Exercise aim:
Return every line of the data below exactly, but do not include the images.

Saved data entries:
= Beginning of Section =
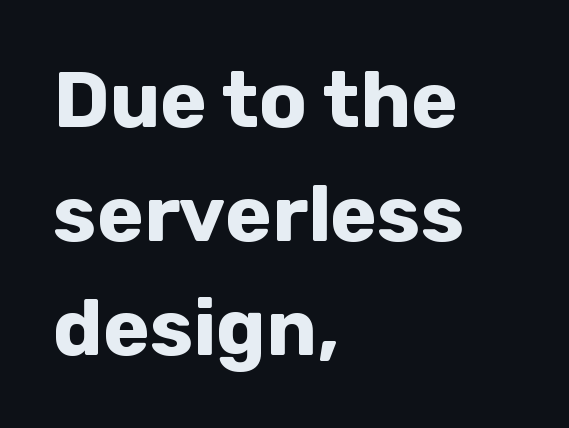
Q: Is the text bold? A: Yes.
Q: Is the text italic (slanted)? A: No, it is upright.
Q: Is the typeface a serif or a sans-serif typeface? A: Sans-serif.
Q: Is the text underlined? A: No.
Q: How is the paragraph aligned? A: Left-aligned.
Q: Is the spacing between letters normal or unusually wide? A: Normal.
Q: Is the spacing between lines tight, normal or loose? A: Normal.
Q: Width (condensed, normal, or wide)? A: Normal.
Q: Stroke contrast? A: Low.
Q: x-height? A: Medium.
Q: Monospaced? A: No.
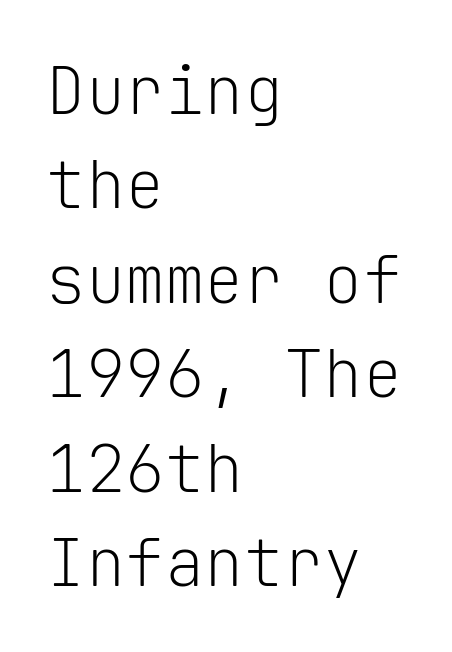
The image shows 66 px light sans-serif type, upright, monospaced; set left-aligned, normal line spacing (1.43x), normal letter spacing, not underlined; low stroke contrast and a medium x-height.
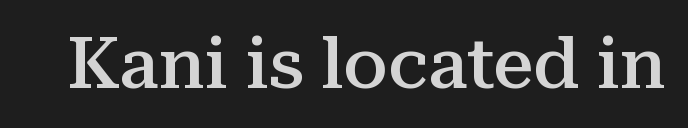
Character widths vary here, with narrow letters taking less room than wide ones. On the weight axis this lands at semibold, roughly 600. The letterforms sit shoulder to shoulder at normal distance. The rendering shows small feet on the letterforms — a serif design. The baseline area is clear.
= End of Section =
Answer to this task:
Q: Is the text bold? A: Yes.
Q: Is the text italic (slanted)? A: No, it is upright.
Q: Is the typeface a serif or a sans-serif typeface? A: Sans-serif.
Q: Is the text underlined? A: No.
Q: How is the paragraph aligned? A: Left-aligned.
Q: Is the spacing between letters normal or unusually wide? A: Normal.
Q: Is the spacing between lines tight, normal or loose? A: Normal.
Q: Width (condensed, normal, or wide)? A: Normal.
Q: Stroke contrast? A: Low.
Q: x-height? A: Medium.
Q: Monospaced? A: No.
The image shows 66 px light sans-serif type, upright, monospaced; set left-aligned, normal line spacing (1.43x), normal letter spacing, not underlined; low stroke contrast and a medium x-height.
Character widths vary here, with narrow letters taking less room than wide ones. On the weight axis this lands at semibold, roughly 600. The letterforms sit shoulder to shoulder at normal distance. The rendering shows small feet on the letterforms — a serif design. The baseline area is clear.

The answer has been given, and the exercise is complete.